▸ **Available data**:
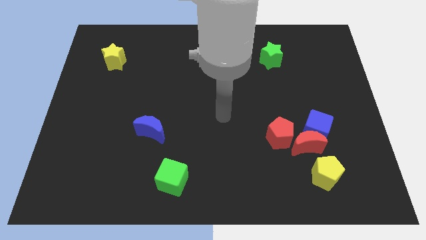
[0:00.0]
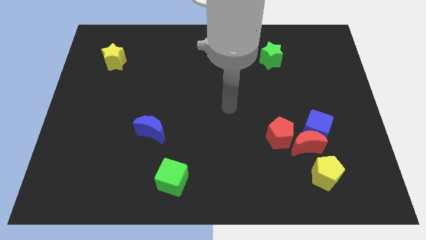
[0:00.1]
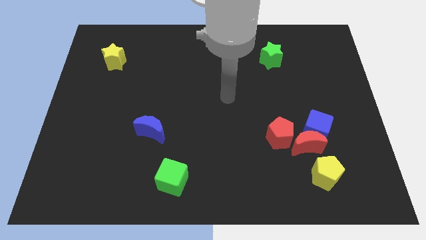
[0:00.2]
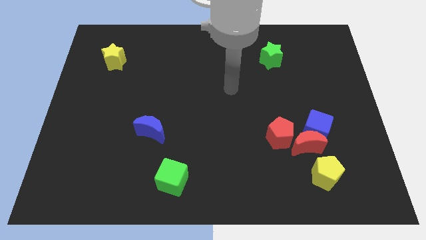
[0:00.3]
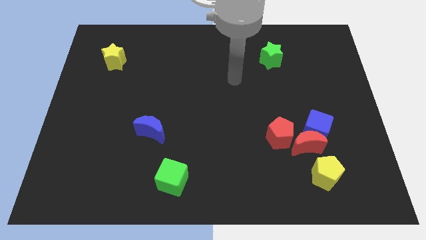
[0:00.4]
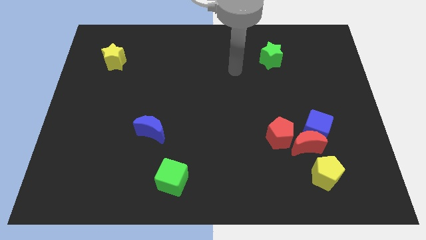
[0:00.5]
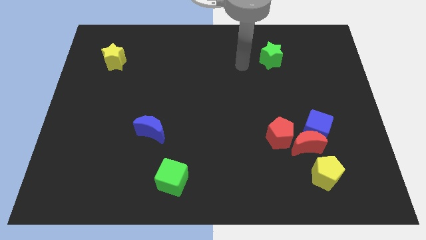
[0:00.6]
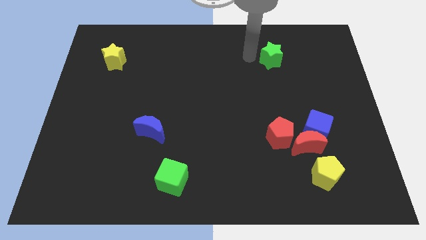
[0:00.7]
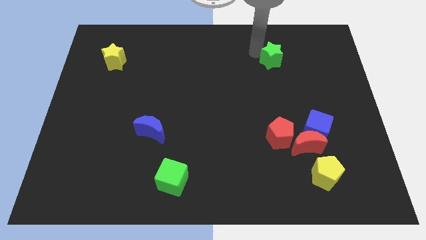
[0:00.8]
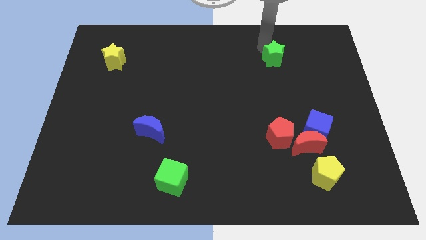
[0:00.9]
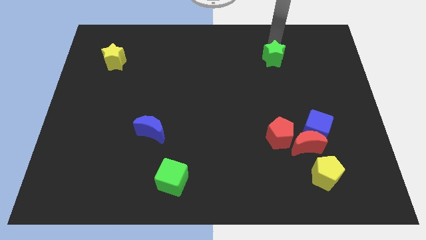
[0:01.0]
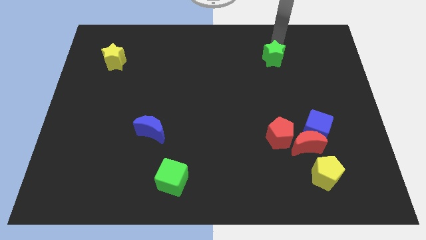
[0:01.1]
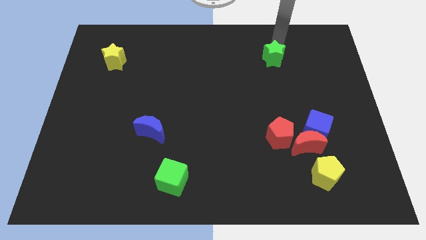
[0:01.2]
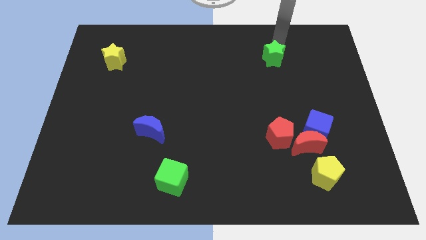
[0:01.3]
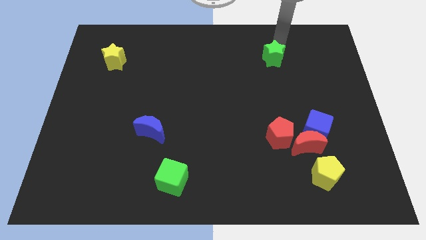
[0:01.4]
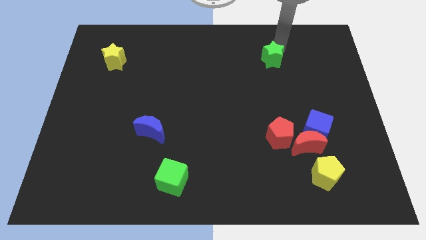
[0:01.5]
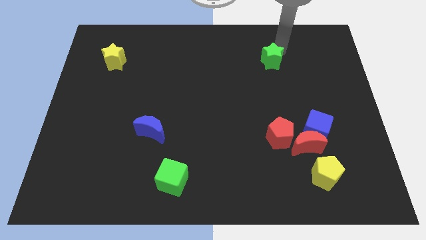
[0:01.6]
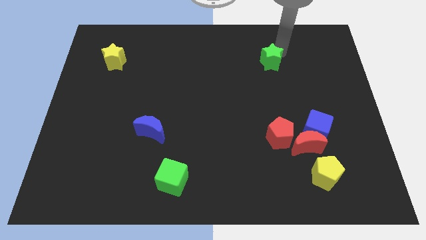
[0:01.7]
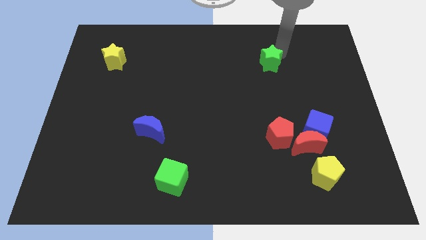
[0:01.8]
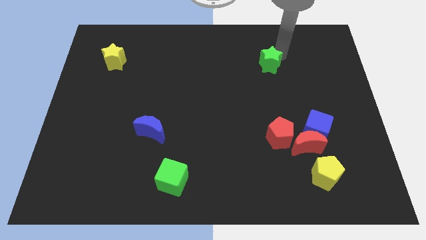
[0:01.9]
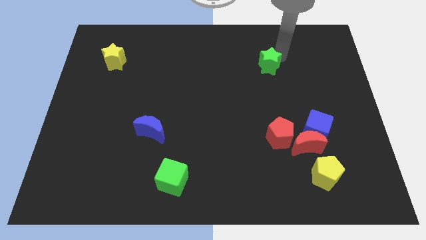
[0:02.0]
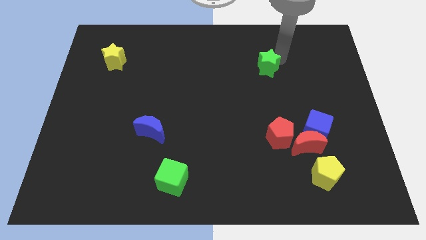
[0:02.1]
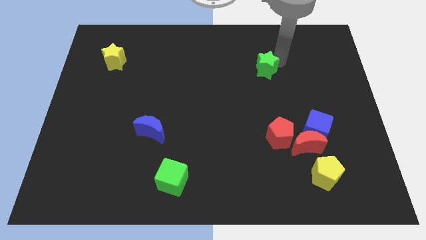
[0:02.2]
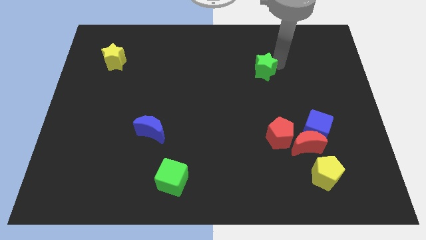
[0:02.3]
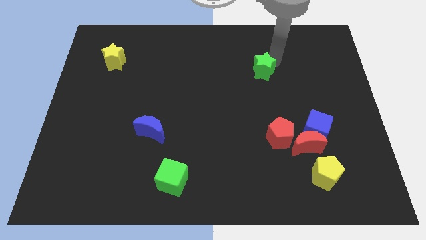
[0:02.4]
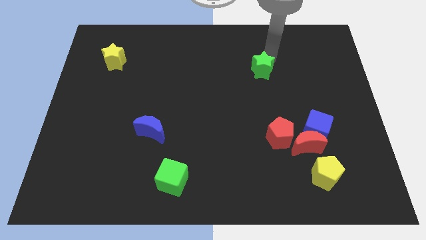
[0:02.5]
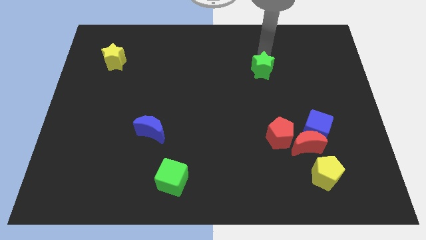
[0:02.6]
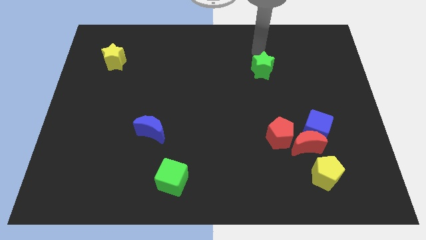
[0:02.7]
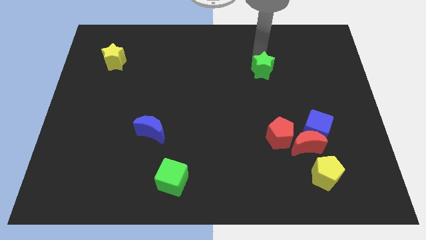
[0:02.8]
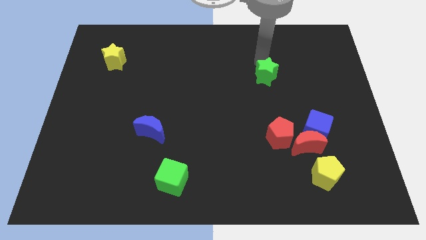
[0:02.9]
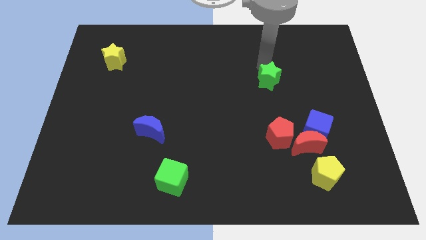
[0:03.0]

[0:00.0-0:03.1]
push the green star somewhat down

▸ **Work item**:
Leaving the pictures behind, return every line above exactly.

▸ **Written answer**:
[0:00.0]
[0:00.1]
[0:00.2]
[0:00.3]
[0:00.4]
[0:00.5]
[0:00.6]
[0:00.7]
[0:00.8]
[0:00.9]
[0:01.0]
[0:01.1]
[0:01.2]
[0:01.3]
[0:01.4]
[0:01.5]
[0:01.6]
[0:01.7]
[0:01.8]
[0:01.9]
[0:02.0]
[0:02.1]
[0:02.2]
[0:02.3]
[0:02.4]
[0:02.5]
[0:02.6]
[0:02.7]
[0:02.8]
[0:02.9]
[0:03.0]

[0:00.0-0:03.1]
push the green star somewhat down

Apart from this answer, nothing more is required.